● AIM OF THE EXERCISE
Set down the entries exactly as they appear, apart from the images, which stay out.

*** Opening of INFORMATION ***

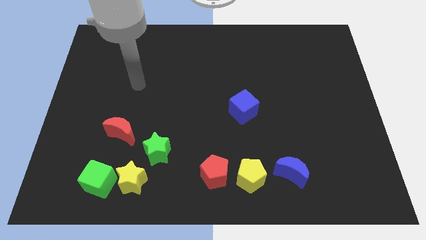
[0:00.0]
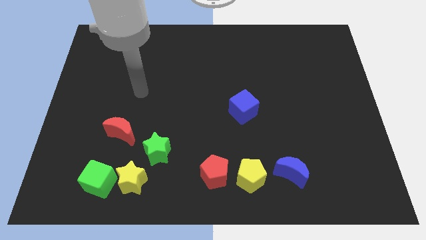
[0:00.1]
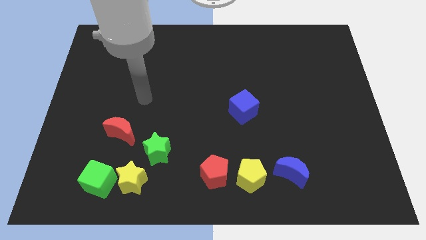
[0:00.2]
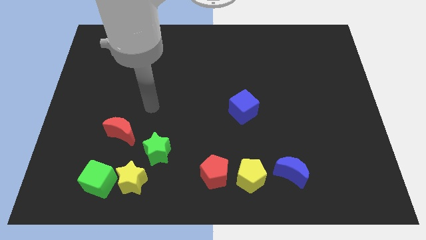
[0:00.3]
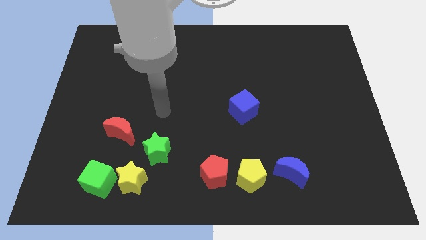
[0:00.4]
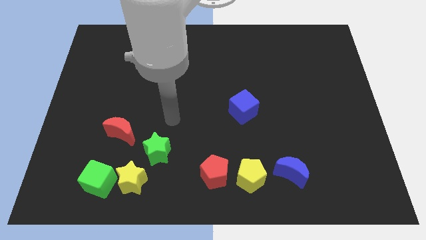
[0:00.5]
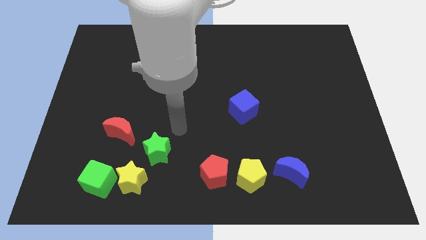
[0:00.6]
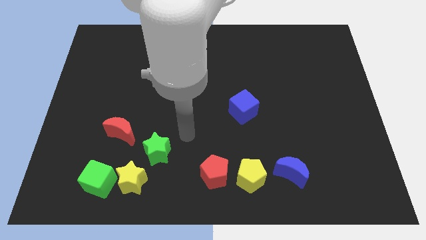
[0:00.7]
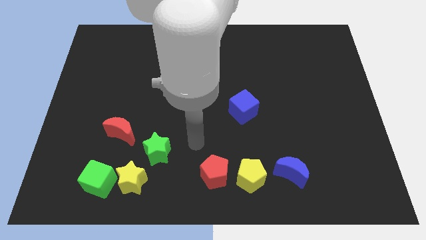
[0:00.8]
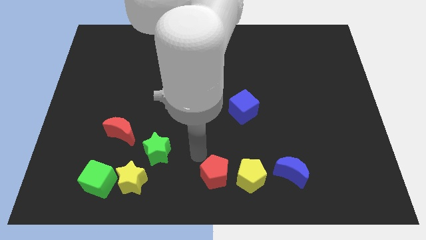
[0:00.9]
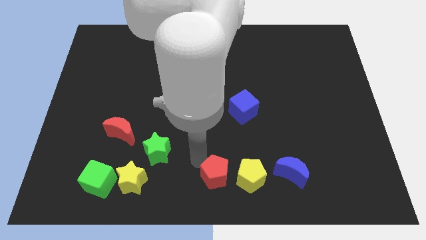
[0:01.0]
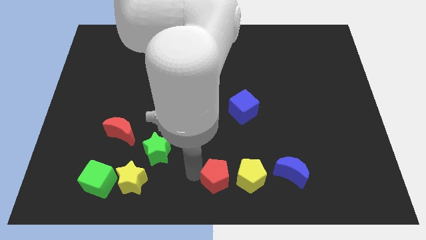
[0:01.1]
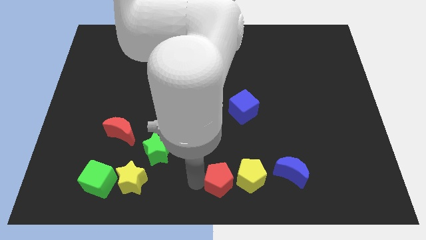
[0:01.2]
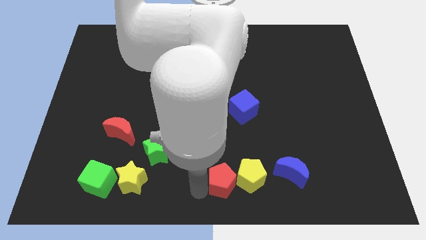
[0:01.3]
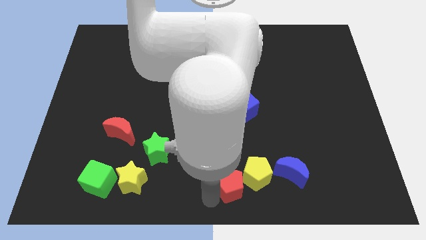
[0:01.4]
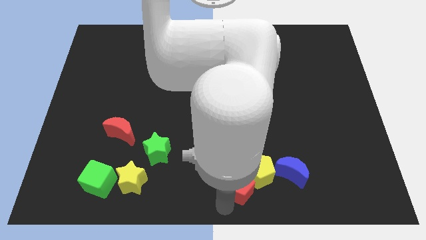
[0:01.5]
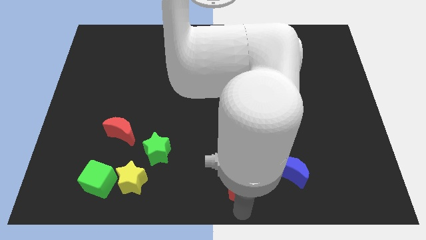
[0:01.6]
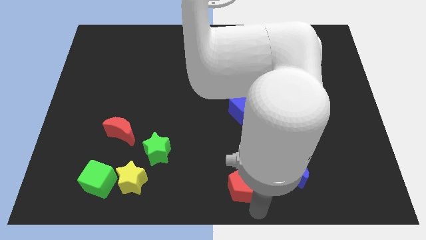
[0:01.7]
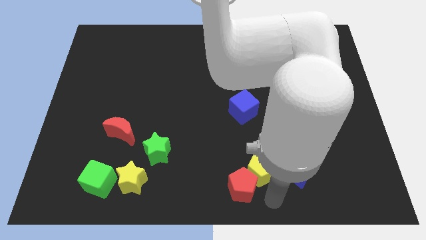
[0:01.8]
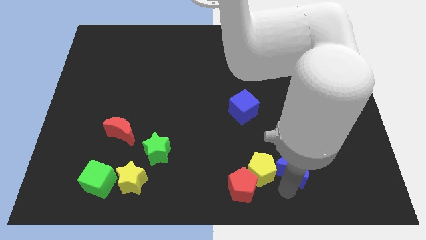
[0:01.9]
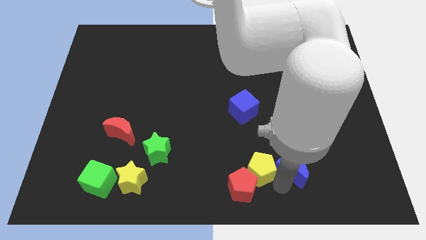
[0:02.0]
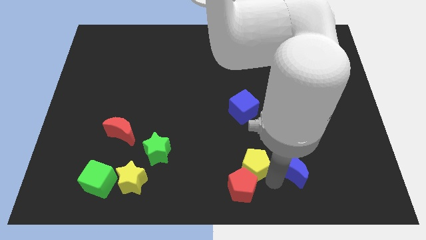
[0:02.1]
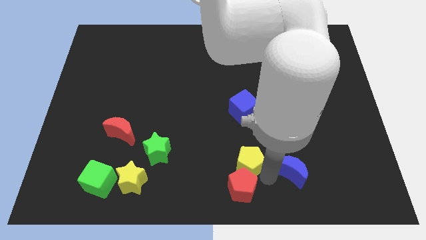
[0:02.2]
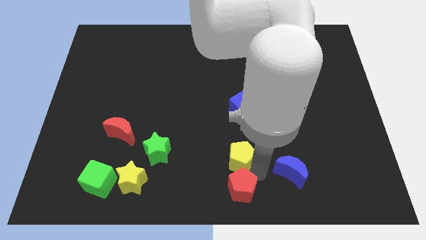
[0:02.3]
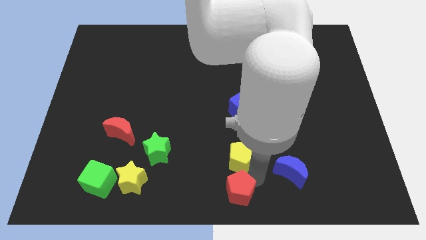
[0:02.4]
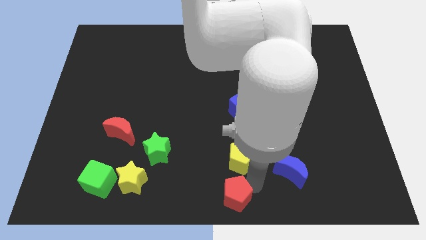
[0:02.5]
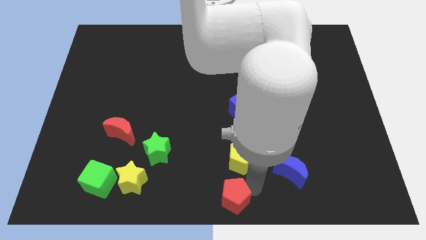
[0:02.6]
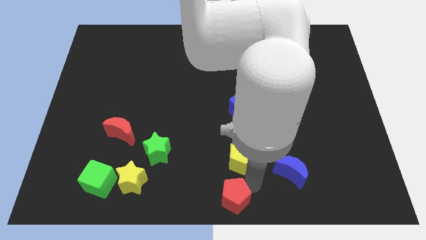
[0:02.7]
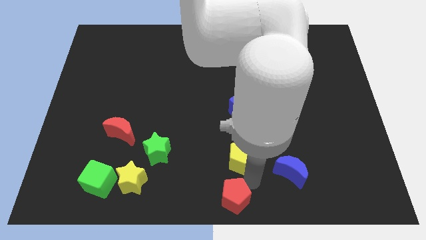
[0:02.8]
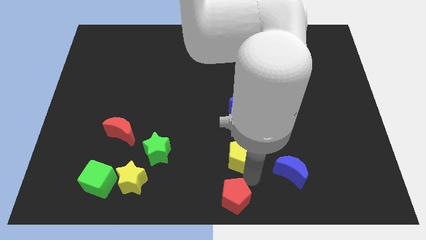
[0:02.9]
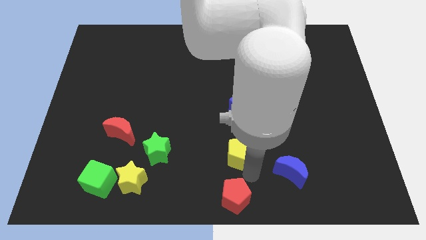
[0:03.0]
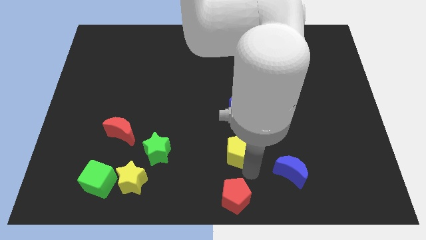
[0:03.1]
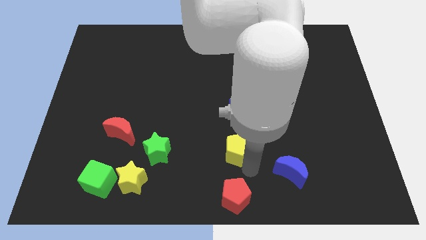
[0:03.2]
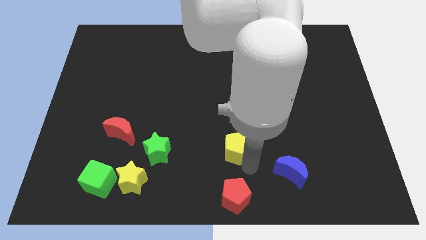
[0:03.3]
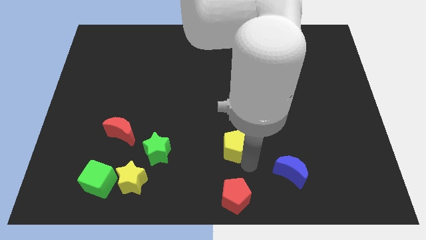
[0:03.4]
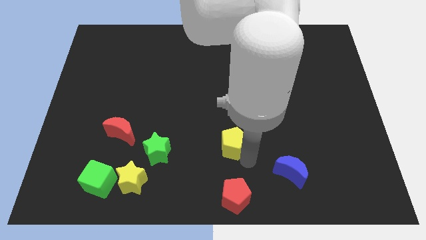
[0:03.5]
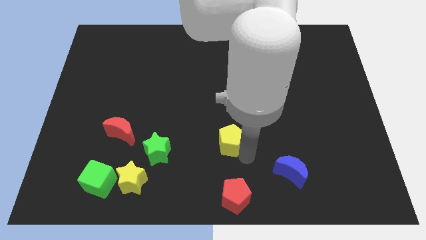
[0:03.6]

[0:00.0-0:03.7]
push the yellow pentagon to the center of the board

*** Close of INFORMATION ***

● ANSWER FOR THE TASK
[0:00.0]
[0:00.1]
[0:00.2]
[0:00.3]
[0:00.4]
[0:00.5]
[0:00.6]
[0:00.7]
[0:00.8]
[0:00.9]
[0:01.0]
[0:01.1]
[0:01.2]
[0:01.3]
[0:01.4]
[0:01.5]
[0:01.6]
[0:01.7]
[0:01.8]
[0:01.9]
[0:02.0]
[0:02.1]
[0:02.2]
[0:02.3]
[0:02.4]
[0:02.5]
[0:02.6]
[0:02.7]
[0:02.8]
[0:02.9]
[0:03.0]
[0:03.1]
[0:03.2]
[0:03.3]
[0:03.4]
[0:03.5]
[0:03.6]

[0:00.0-0:03.7]
push the yellow pentagon to the center of the board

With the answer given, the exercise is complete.